Selective COX-2 inhibitors, such as rofecoxib (Vioxx®), celecoxib (Celebrex®), and valdecoxib (Bextra®), were initially very popular with both physicians and patients for their ability to relieve pain with a significantly decreased risk of adverse GI events. For example, Vioxx achieved over $1 billion in sales in its first year on the market. However, some clinical trials of the COX-2 inhibitors showed that treatment led to an increased risk of adverse cardiovascular (CV) events (Antman et al., 2007; Kearney et al., 2006). These results led Merck to voluntarily recall Vioxx® in 2004, with Bextra® withdrawn from the market in 2005. In addition, the FDA required a black box warning on the label for Celebrex®. 

So while on the one hand non-selective NSAIDs are great at offering pain relief, they are accompanied by the threat of serious GI problems, including the development of intestinal damage and bleeding ulcers. Selective NSAIDs are very effective at mitigating pain and they cause significantly fewer GI effects, but they come with an increased risk of CV events. Thus, what is needed is an effective NSAID that does not increase a patient’s risk of serious GI or CV events. 

ATB-346

ATB-346 uses naproxen as a base molecule with a hydrogen sulfide releasing moiety covalently attached. Hydrogen sulfide (H2S) has been identified as an important gasotransmitter, a gas that serves as an important signaling molecule in the body. Other examples of gasotransmitters are nitric oxide (NO) and carbon monoxide (CO). 

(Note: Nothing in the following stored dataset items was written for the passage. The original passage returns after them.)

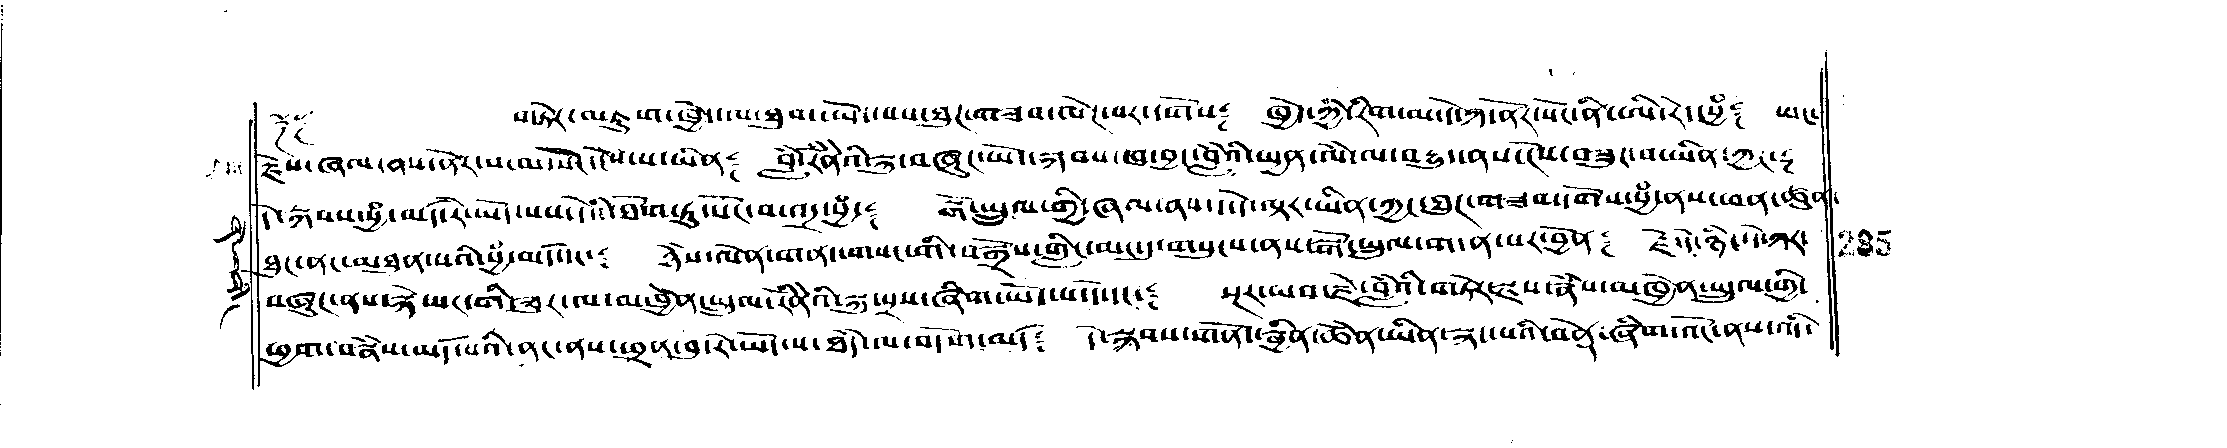གཏེར་མཇུག་ཁྱེད་ལ་ཐུག་ཡོད་པས་ཐུགས་གཟབ་ལེགས་པར་དགོས། ཁྱེད་ཀྱི་རིག་མ་དེ་ཀ་ནོར་སོང་ནི་ཨི་རེད་གསུང་། ཡང་
རྗེས་ཞལ་ནས་ནོར་བ་མ་སོང་ངེས་པ་ཡིན། བླ་མ་རིན་པོ་ཆེའི་སྐུ་བཞུགས་ཡོད་སྐབས་ཁ་བྱང་བླ་མའི་སྤྱན་ལམ་ལ་བརྒྱུད་ནས་ངེས་༼ངས་?༽བཟུང་བ་ཡིན་ཀྱང་། 
དེ་སྐབས་གསུང་མཛད་རེ་ཡོད་པས་དེའི་ཐོག་ཏུ་སོང་བ་འདྲ་གསུང་། སྒོ་སྤྲུལ་གྱི་ཞལ་ནས་ད་དེ་ལྟར་ཡིན་ཀྱང་ཐུགས་གཟབ་དགོས་གསུང་ནས་ཕན་ཚུན་
ཐུགས་སྣང་མཐུན་པའི་གསུང་མཛད་དང་། ཉམས་ལེན་གནད་གསང་གི་བགྲོ་གླེང་མང་དུ་གསུངས་ནས་སྒོ་སྤྲུལ་གདན་སར་བྱོན། རྗེ་དེ་ཉིད་དེ་ཀར་
བཞུགས་ནས་སྐེ་སང་གི་ཟུར་ལ་མཁྱེན་སྤྲུལ་རིན་པོ་ཆེའི་སྐུ་སྲས་ཞིག་ཡོད་པ་དེ་དང་། སྔར་ཡབ་རྗེ་བླ་མའི་གཏེར་རྫས་རྣམས་མཁྱེན་སྤྲུལ་གྱི་
ཕྱག་བསྣམས་མཛད་པའི་ནང་ནས་ཕྲན་བུ་རེ་ཡོད་པ་ཐམས་ཅད་ལ་བདག་པོ་མཛད། དེ་སྐབས་གནོད་སྦྱིན་ཆེན་པོ་ཡིན་སྐད་པའི་བནྡེ་ཞིག་འོང་ནས་འདི་

In 2016, Antibe announced the successful completion of a Phase 2 study of ATB-346 in patients with osteoarthritis of the knee. Twelve patients were treated once daily with 250 mg of ATB-346, which is only 1/6th of the typical daily dose of naproxen for treating osteoarthritis. The patients recorded their pain level one day prior to starting treatment and then again on days 4 and 10 of treatment using the WOMAC pain scale. The graph below shows the change in recorded pain level over the 10 days of the study. Previous studies show typical reductions in WOMAC pain scores for osteoarthritis patients taking celecoxib of approximately 4 units following one week of treatment, with no additional improvement beyond that with continued treatment (Wittenberg et al., 2006). Thus, the average reduction of 7.6 units is quite impressive in that study population.


Valuation

We value Antibe using a probability adjusted discounted cash flow model that takes into account potential future revenues for ATB-346 and Citagenix. For ATB-346, we anticipate that the company will enter into a collaboration with a larger pharmaceutical company before Phase 3 studies commence. For modeling purposes, we are estimating that Phase 3 studies for ATB-346 will begin in 2019, with an NDA filing in 2020 and approval in 2021. We model for approval in the E.U. a year later. 

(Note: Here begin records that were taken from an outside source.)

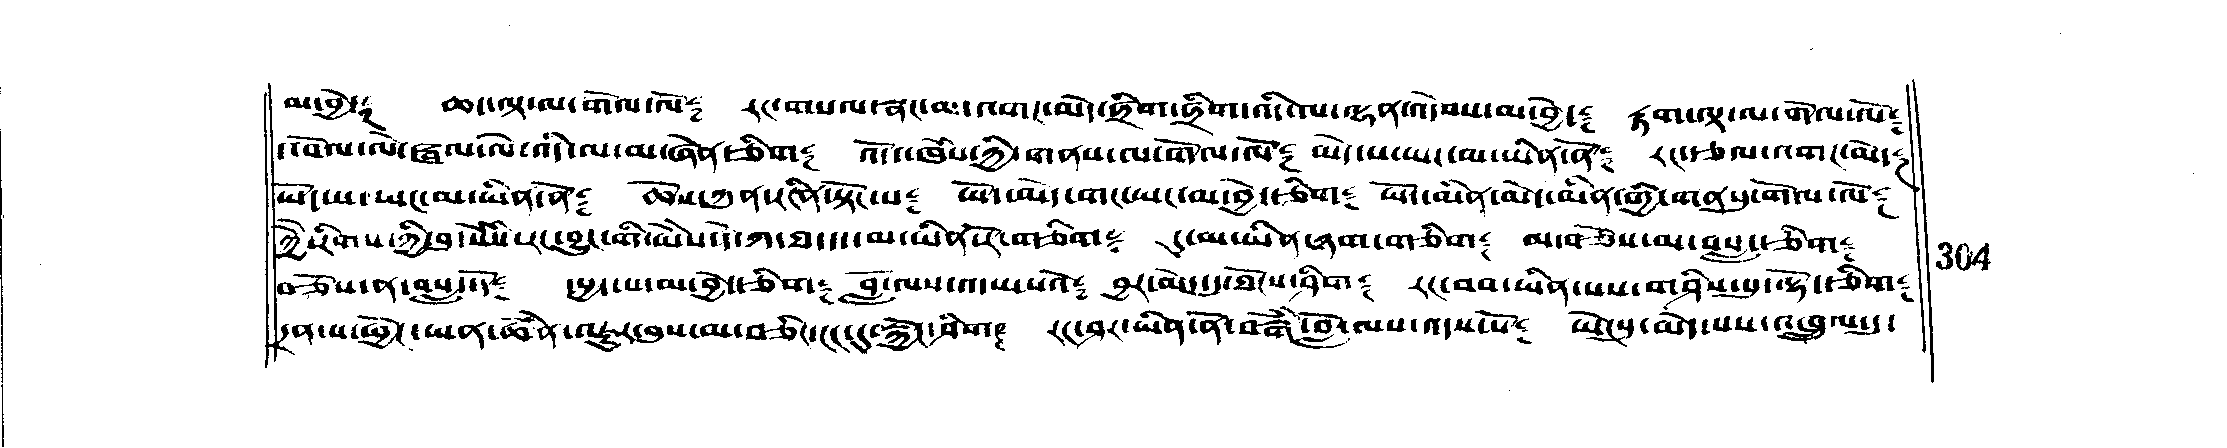མ་བྱེད། ཆད་ལྟ་ལ་གོལ་ལོ། རང་གསལ་སྣང་བ་འགགས་མེད་ཧྲིག་ཧྲིག་འདི་ལ་ལྷན་འདེབས་མ་བྱེད། རྟག་ལྟ་ལ་གོལ་ལོ། 
འབོལ་ལེ་ཝལ་ལེ་འདི་ལ་མ་ཞེན་ཅིག འདོད་ཁམས་ཀྱི་གནས་ལ་གོལ་ལོ། མེད་པ་ཡང་མ་ཡིན་ནོ། རང་རྩལ་འགགས་མེད། 
ཡོད་པ་ཡང་མ་ཡིན་ནོ། ཆོས་ཀུན་རང་བཞིན་སྟོང་པ། ཡོད་མེད་གང་ཡང་མ་བྱེད་ཅིག ཡོད་མིན་མེད་མིན་གྱི་གནས་སུ་གོལ་ལོ། 
ཀྱཻ་རིགས་ཀྱི་བུ་སེམས་རང་བྱུང་གི་ཡེ་ཤེས་དེ་ཀ་ཐ་དད་མ་ཡིན་རོ་གཅིག དུ་མ་ཡིན་ཉག་གཅིག མ་བཅོས་མ་བསླད་ཅིག 
བཅོས་ན་བསླད་དོ། དཔྱད་པ་མ་བྱེད་ཅིག བློ་ལས་འདས་པའོ། བྱར་མེད་དུ་ཐོངས་ཤིག རང་བབ་ཡིན་པས་གཤིས་སུ་ལྷོད་ཅིག 
དྲན་པ་ཕྱོགས་ཡན་ཆེན་པོ་འཇུར་བུས་མ་བཅིང་ངང་དུ་སྐྱོངས་ཤིག རང་ཤར་ཡིན་ནོ་བསྒོམ་བློ་ལས་འདས་སོ། ཡོངས་སུ་མེད་པས་འཁྲུལ་དུ་

ATB-346 is the main value driver for Antibe as the NSAID market is valued at $8 billion total. We model for approval in OA, however we believe that if the drug is approved it will likely go on to be approved for multiple indications similar to celecoxib. There are approximately 27 million individuals in the U.S. with OA (NIAMS). Of those, we estimate approximately 50% are taking or are open to taking oral NSAIDs. With a conservatively estimated 6% of the market, ATB-346 would have peak sales of $1.0 billion. In the E.U., where there are approximately 40 million patients with OA (WHO), a similar market share could generate close to $1 billion in revenue. Using a 12% royalty rate, an 18% discount rate, and a 50% chance of approval, we estimate the net present value of ATB-346 to be $171 million. When taking into account estimated capital requirements, the current conversion to Canadian Dollars (USD$1 = CAD$1.23), and dividing by the fully diluted share count of 259.5 million shares leads to a valuation of approximately CAD$0.85. We believe investors would be wise to take a close look at Antibe ahead of the Phase 2b results in March 2018.